I searched and did not have luck. I am farmiliar with general installation of dishes, but have not done one since HD/oval dishes and dual receivers came out.

I tried adding my 2nd home to my service, and after a half dozen CS people I got tired of trying. SO I thought I'd add it to my existing service. It's only 1 TV anyhow.

So my question, are their links out there to assist in correctly installing a setup as mentioned above. Dish 500 or 1000, single or dual HD Tuner, no phone line available, etc...

Thanks in advance, RC


----------



## puckwithahalo (Sep 3, 2007)

You're not allowed to just add the second home to your service, you have to have a separate account for the second home.


----------



## rcasey4488 (Oct 6, 2008)

puckwithahalo said:


> You're not allowed to just add the second home to your service, you have to have a separate account for the second home.

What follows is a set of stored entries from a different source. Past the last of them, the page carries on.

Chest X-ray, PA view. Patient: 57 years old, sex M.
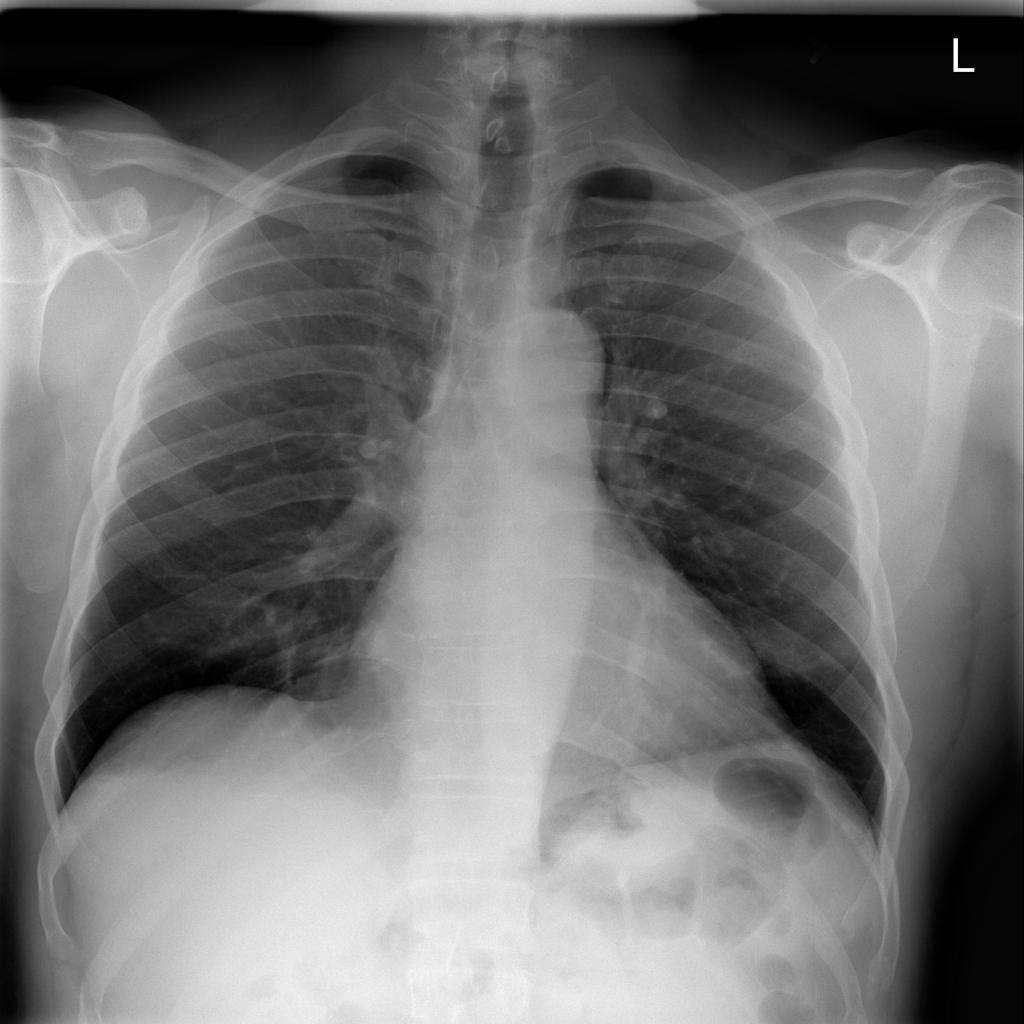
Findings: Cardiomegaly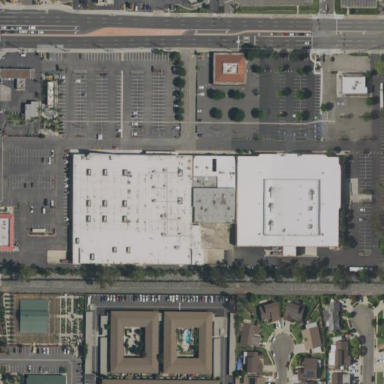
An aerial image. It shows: Building.

From my readings this is what I have determined. But what is the difference between having a dish at a tailgate and having a dish at a 2nd house?

And for the record, I called Dish up and they could not have been more useless in setting up the new account. I would get "New Customer" CS and they would forward me to "Current Customer" CS. Then they would say I was in wrong department and needed "New Customer" CS. Went back and forth several times, wanted to run a credit check, then wanted to hit my CC with $1.00. ..forget it!

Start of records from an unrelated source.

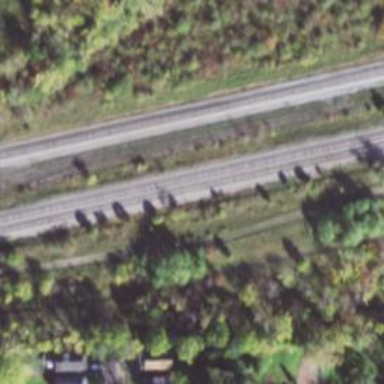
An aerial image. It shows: Railway track.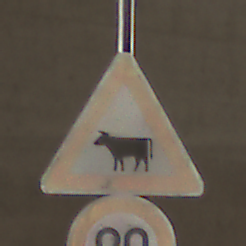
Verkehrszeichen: ViehtriebRechts
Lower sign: Geschwindigkeit90
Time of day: Midday
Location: Roofed (Tunnel)
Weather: NotSpecified
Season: NotSpecified
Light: Natural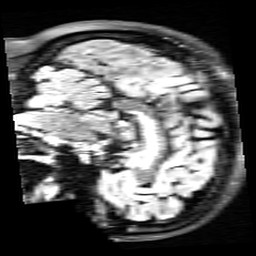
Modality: FLAIR
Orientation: sagittal
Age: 51
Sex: female
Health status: healthy
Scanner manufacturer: siemens
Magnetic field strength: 3 T
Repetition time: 9 s
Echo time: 0.088 s
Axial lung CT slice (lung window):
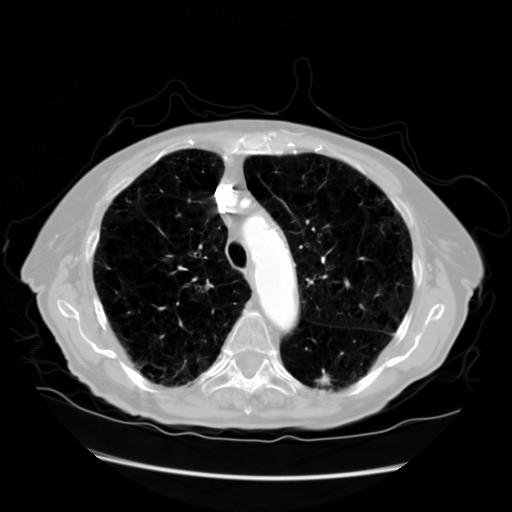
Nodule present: yes
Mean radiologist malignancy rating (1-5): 4.25

But back to my question, what is the difference?

Thanks.


----------



## scooper (Apr 22, 2002)

Let's ask it this way - Are you allowed to use the same cable service account for 2 separate homes ?

You need to setup a 2nd account for the 2nd address - probably under a different phone number to keep the confusion down.


----------



## garys (Nov 4, 2005)

RV may be considered temporary, 2nd home is considered permanent.


----------



## phrelin (Jan 18, 2007)

puckwithahalo said:


> You're not allowed to just add the second home to your service, you have to have a separate account for the second home.

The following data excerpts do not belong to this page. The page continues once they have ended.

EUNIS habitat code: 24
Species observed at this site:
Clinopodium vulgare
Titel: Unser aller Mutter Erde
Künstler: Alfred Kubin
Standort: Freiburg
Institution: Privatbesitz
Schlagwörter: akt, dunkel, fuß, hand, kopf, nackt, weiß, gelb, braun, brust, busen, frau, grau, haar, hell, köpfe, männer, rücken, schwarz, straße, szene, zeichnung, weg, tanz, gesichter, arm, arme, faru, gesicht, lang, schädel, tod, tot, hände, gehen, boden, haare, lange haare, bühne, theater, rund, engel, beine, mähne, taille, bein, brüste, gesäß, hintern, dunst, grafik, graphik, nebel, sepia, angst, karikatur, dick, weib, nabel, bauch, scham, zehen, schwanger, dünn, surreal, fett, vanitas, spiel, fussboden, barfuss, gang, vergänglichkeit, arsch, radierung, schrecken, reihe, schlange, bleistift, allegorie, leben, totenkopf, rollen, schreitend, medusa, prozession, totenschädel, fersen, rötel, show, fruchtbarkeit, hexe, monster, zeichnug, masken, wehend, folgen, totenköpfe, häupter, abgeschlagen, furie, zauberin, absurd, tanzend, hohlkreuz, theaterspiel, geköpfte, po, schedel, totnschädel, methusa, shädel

Which, of course, raises the interesting problem that you can't record stuff and move it to your EHD and take it with you on vacation to play through a ViP DVR at your vacation home.


scooper said:


> Let's ask it this way - Are you allowed to use the same cable service account for 2 separate homes ?
> 
> You need to setup a 2nd account for the 2nd address - probably under a different phone number to keep the confusion down.


 Most couldn't run a wire from house 1 to remote house 2. They can, however. put up a dish.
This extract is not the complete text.